Records from a data collection:
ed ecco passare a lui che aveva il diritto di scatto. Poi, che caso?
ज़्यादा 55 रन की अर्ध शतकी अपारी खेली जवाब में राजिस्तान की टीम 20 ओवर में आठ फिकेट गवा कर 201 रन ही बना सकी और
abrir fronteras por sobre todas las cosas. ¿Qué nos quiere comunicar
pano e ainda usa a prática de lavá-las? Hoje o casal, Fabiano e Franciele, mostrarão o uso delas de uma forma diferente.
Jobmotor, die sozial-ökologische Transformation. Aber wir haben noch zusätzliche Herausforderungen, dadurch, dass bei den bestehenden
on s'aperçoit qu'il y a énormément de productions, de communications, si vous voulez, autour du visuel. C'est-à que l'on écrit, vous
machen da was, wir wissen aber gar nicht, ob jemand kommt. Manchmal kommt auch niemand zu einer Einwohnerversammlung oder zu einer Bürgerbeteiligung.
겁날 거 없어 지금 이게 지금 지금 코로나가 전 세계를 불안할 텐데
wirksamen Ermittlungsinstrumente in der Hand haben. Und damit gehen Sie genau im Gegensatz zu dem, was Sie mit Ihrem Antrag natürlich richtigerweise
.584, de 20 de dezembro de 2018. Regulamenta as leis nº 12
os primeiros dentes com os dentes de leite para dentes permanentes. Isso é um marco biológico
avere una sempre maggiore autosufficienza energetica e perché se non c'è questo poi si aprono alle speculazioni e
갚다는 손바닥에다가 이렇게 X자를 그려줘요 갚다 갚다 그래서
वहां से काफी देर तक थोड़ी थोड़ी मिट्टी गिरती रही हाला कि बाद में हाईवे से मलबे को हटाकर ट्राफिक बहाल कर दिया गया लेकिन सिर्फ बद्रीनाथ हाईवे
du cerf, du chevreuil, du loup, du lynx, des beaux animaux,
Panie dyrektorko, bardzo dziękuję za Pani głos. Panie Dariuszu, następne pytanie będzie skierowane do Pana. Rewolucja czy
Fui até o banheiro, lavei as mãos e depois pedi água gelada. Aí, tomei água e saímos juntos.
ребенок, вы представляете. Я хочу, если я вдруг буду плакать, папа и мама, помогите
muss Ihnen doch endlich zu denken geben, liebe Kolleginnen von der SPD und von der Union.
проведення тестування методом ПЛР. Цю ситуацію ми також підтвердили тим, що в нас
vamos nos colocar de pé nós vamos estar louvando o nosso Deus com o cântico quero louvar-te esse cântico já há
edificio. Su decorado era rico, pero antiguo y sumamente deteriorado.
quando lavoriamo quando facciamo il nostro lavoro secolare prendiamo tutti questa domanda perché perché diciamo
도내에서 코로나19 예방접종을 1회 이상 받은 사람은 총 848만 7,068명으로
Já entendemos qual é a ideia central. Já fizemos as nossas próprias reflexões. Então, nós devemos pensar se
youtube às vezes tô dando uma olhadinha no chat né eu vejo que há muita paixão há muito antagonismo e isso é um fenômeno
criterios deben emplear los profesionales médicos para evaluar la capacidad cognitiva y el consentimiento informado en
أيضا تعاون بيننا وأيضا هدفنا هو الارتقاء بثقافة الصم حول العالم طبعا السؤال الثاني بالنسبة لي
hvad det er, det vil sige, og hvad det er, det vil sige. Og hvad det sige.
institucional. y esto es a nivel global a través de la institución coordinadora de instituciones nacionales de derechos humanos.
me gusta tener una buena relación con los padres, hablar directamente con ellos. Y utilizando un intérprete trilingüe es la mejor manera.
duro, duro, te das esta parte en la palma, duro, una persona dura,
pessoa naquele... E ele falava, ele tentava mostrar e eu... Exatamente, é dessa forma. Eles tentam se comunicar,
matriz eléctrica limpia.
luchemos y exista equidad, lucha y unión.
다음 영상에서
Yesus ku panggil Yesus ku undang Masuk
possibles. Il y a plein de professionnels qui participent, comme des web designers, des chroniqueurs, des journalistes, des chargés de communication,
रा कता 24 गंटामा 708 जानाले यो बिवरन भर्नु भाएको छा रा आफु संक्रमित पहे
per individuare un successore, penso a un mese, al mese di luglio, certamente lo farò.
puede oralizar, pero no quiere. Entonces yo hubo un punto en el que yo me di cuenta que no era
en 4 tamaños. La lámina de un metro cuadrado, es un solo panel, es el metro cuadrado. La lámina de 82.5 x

*What you are asked to do*. The answer must be every line from the records above that contains "quiere".

*Problem solution*.
abrir fronteras por sobre todas las cosas. ¿Qué nos quiere comunicar
puede oralizar, pero no quiere. Entonces yo hubo un punto en el que yo me di cuenta que no era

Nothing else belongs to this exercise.